Enfin, fusmes menés en un vaste salon, tout décoré quant aux murs de francisques peinctes aux couleurs gallicques, en figures acquilatérales. Dans un fauteuil capitonné estoit assis l’Unicque, empaqueté de couvertures, de fourrures, de coussins. Il avait un teint blesme d’ivoire ancien et nous pareust le plus vieux des vieillards vieillis, ridés, cassés, chenus, agélastes, maussades et fâcheux, semblant le vieil Anchise dont parle Vergilius en son Aeneide lib. I, ou le Pappus qui florit en l’atel lane des Latins. Toutefoys, avoit encore l’œil vif émerilloné, à cause, ce dist-on, des couillettes varonovines dont fust jadis greffé.
– Ce jourd’hui, dist-il en soupirant, grand travail et labeur ai-je accompli, par quoy me sens espuisé.
– Quel ? dist Pantagruel.
– Mon scel ai-je apposé sur quatorze décrétales constitutionnelles dont voicy le détail. La première désignoit pour mon successeur Laval, ce benoît amy. La deuxiesme annuloit la première…
– Bien fistes-vous ! dist Panurge par satyricque mocquerie.
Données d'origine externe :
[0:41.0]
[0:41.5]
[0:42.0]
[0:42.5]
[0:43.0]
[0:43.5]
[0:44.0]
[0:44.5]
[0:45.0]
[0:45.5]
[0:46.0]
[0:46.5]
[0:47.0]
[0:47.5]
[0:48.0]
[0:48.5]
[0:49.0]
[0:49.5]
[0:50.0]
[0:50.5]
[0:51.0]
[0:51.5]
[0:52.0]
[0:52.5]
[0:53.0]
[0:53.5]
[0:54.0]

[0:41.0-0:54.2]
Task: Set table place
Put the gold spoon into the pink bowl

Car Laval malheureux qui l’avale.
– La troisiesme, reprist l’Unicque, désignoit pour mon successeur l’Admiral de nostre flotte. La quarte annuloit la troisiesme. Et ainsy des aultres, chaque-une nommant et annulant. C’est, ce croys-je, bien servir l’Estat. Enfin, après avoir estudié, colligé, signé, scellé, contresigné, descellé, adjouté, supprimé, raturé, barbouillé, ai-je désigné, pour ceste charge le grand boutillier de nos bouteilles, comme estant l’industrie acqueuse principale source de nos revenus publics.
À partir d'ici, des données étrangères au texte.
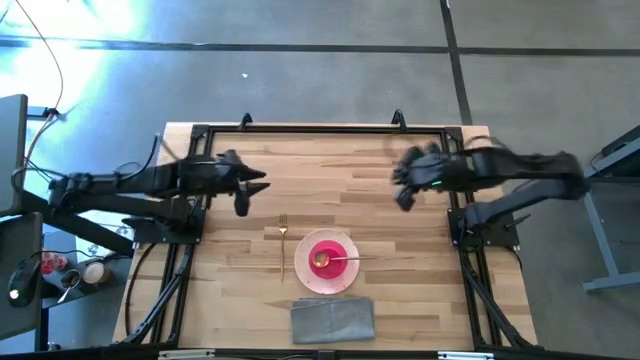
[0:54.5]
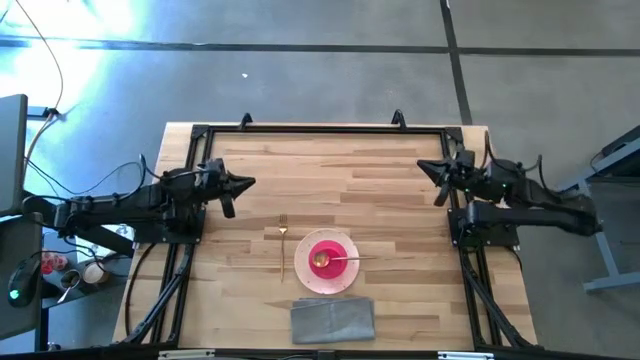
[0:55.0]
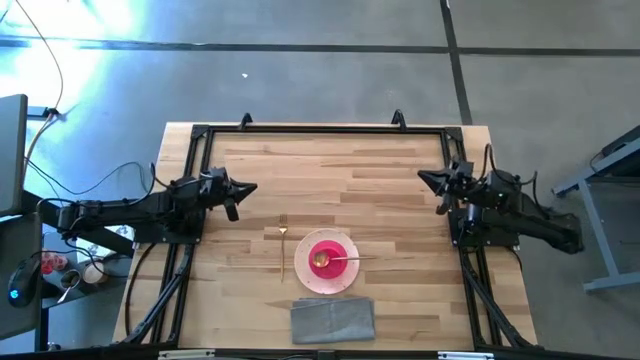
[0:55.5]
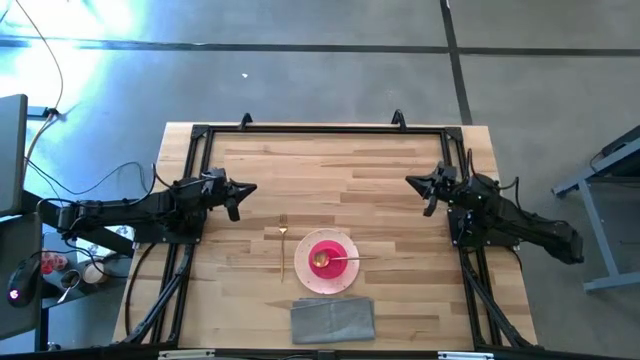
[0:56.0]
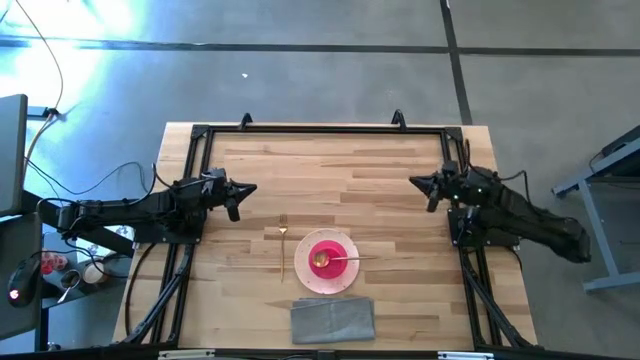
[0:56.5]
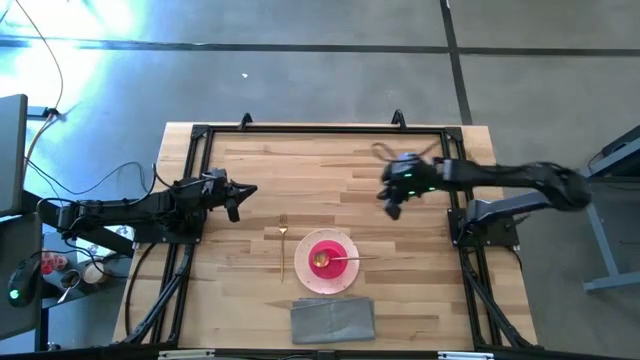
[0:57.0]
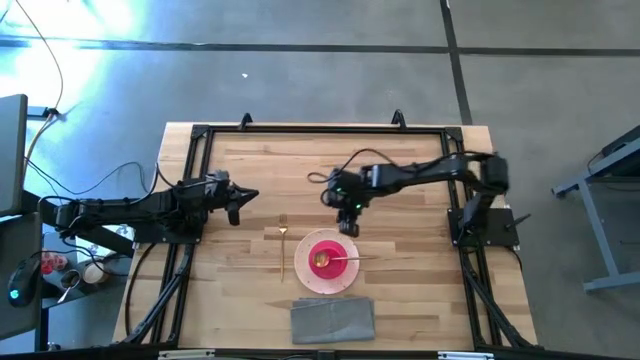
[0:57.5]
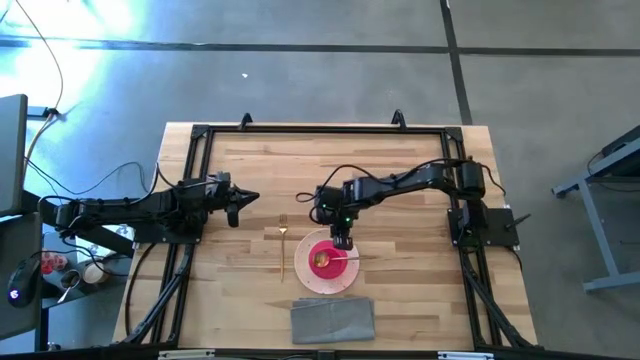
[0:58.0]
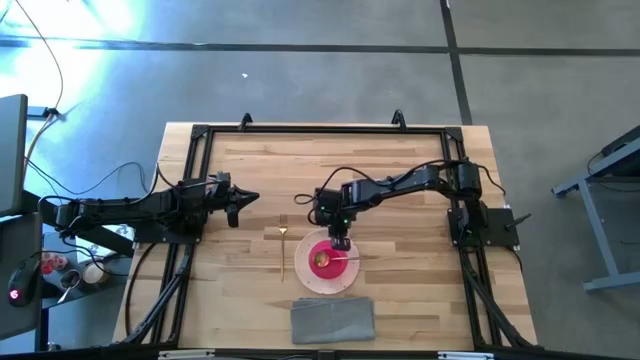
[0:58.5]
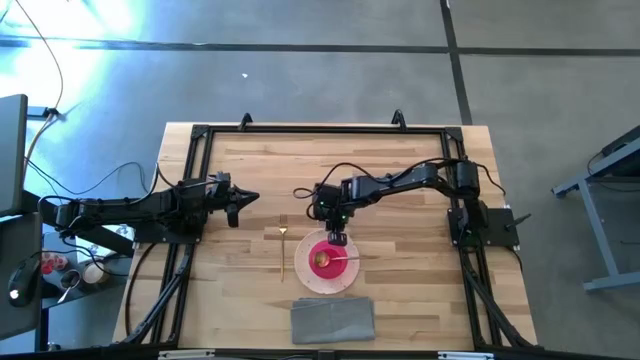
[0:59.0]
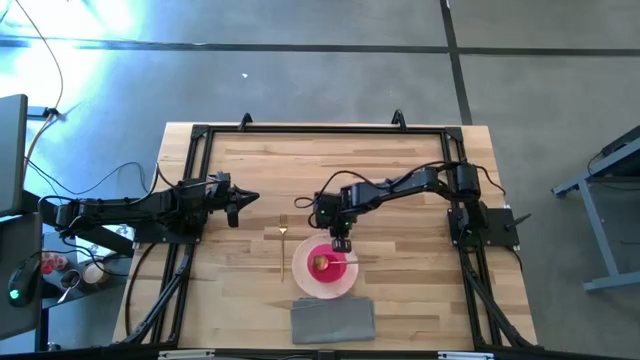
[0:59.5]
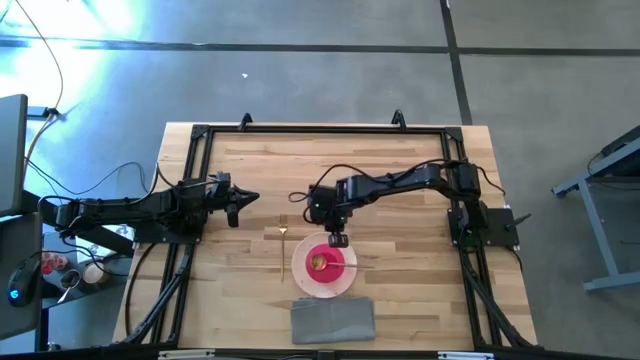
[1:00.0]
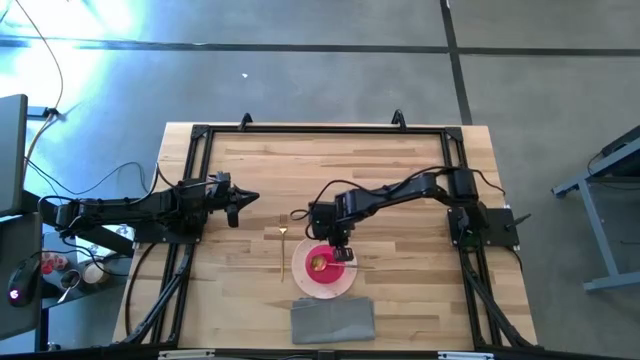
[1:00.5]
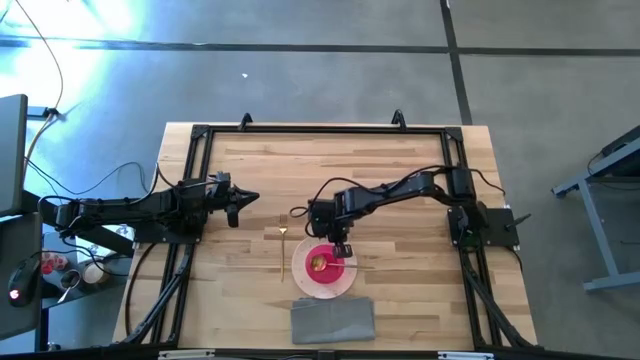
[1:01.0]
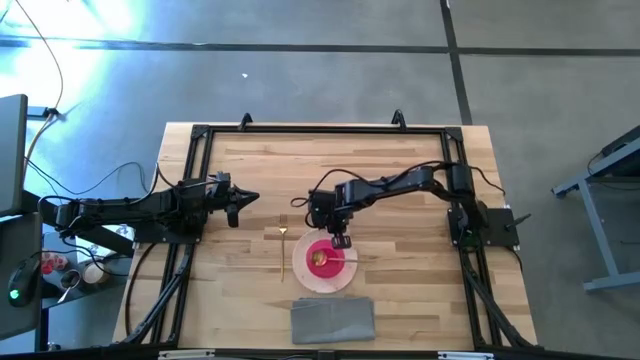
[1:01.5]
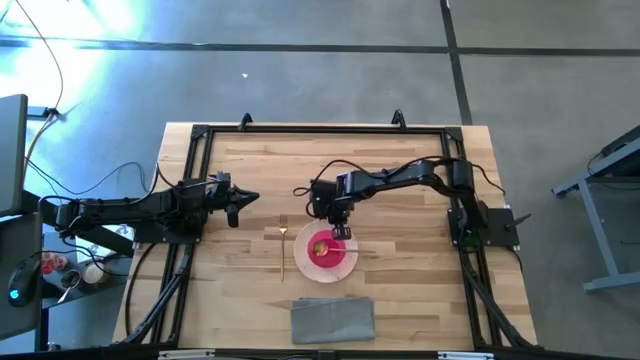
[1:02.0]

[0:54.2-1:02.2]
Adjust the white plate

– Voyre, dist Panurge, Source est le vocable qu’il faut !
– Vous eustes, ce faisant, raison autant que d’âge, dist poliment Pantagruel.
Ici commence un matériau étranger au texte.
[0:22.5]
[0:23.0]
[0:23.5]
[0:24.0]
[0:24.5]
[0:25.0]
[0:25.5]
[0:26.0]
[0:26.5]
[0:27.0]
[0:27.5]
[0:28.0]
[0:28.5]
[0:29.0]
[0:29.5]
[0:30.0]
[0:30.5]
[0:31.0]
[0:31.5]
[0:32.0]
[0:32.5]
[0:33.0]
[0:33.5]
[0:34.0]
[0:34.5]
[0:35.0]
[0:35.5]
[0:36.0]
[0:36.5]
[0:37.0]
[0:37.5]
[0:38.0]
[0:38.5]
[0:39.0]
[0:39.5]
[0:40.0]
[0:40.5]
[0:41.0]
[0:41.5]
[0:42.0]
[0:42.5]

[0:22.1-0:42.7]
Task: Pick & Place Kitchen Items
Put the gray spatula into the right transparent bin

Ce pendant avoit sonné à une grosse clarine l’heure en laquelle l’Unicque prend sa vespérale repaissaille. Parurent sur le seuil trente personnages, habillés de vert des pieds jusqu’à la teste, qu’on nous dist être l’Académie, c’est-à-dire, domestiques et prodosuceurs du Potestat. L’un portoit une assiette d’argent pleine de bouillie faicte de laict et de pur froment, à cause que les mandibules et masseters de l’Unicque sont par les ans détériorés. Un aultre portoit sur un coussin de brocart une cuiller de vermeil. Un aultre, un biberon samblable à biberon d’enfantelet. Un quatriesme chargé de la boysson, tenait en main un bouteille de ce vin vhichissois qui tant nous déplust. Et s’appeloit cestuy là Henricus Burdigalensis, par antithèse réthoricque sans doubte, car la ville de Bordeaux, dont porte le nom, est mère féconde en vins délectables et sucrés. Tous faisoient génuflexions et révérences, les plus seigneuriales, les plus expédientes, les plus excellentes, les plus décotieuses, les plus confides, les plus processionnales.
Alors prismes congé de l’Unïcque avec force baise-mains, et ronds de jambes et retournasmes au port en lequel les nautoniers nous attendoient pour mettre à la voile.
P.C.C. Jean Gaulmier.
(Pantagruel, Livre VI, chap. 1.)
Extrait de la Revue de la France Libre, n°36, mars 1951.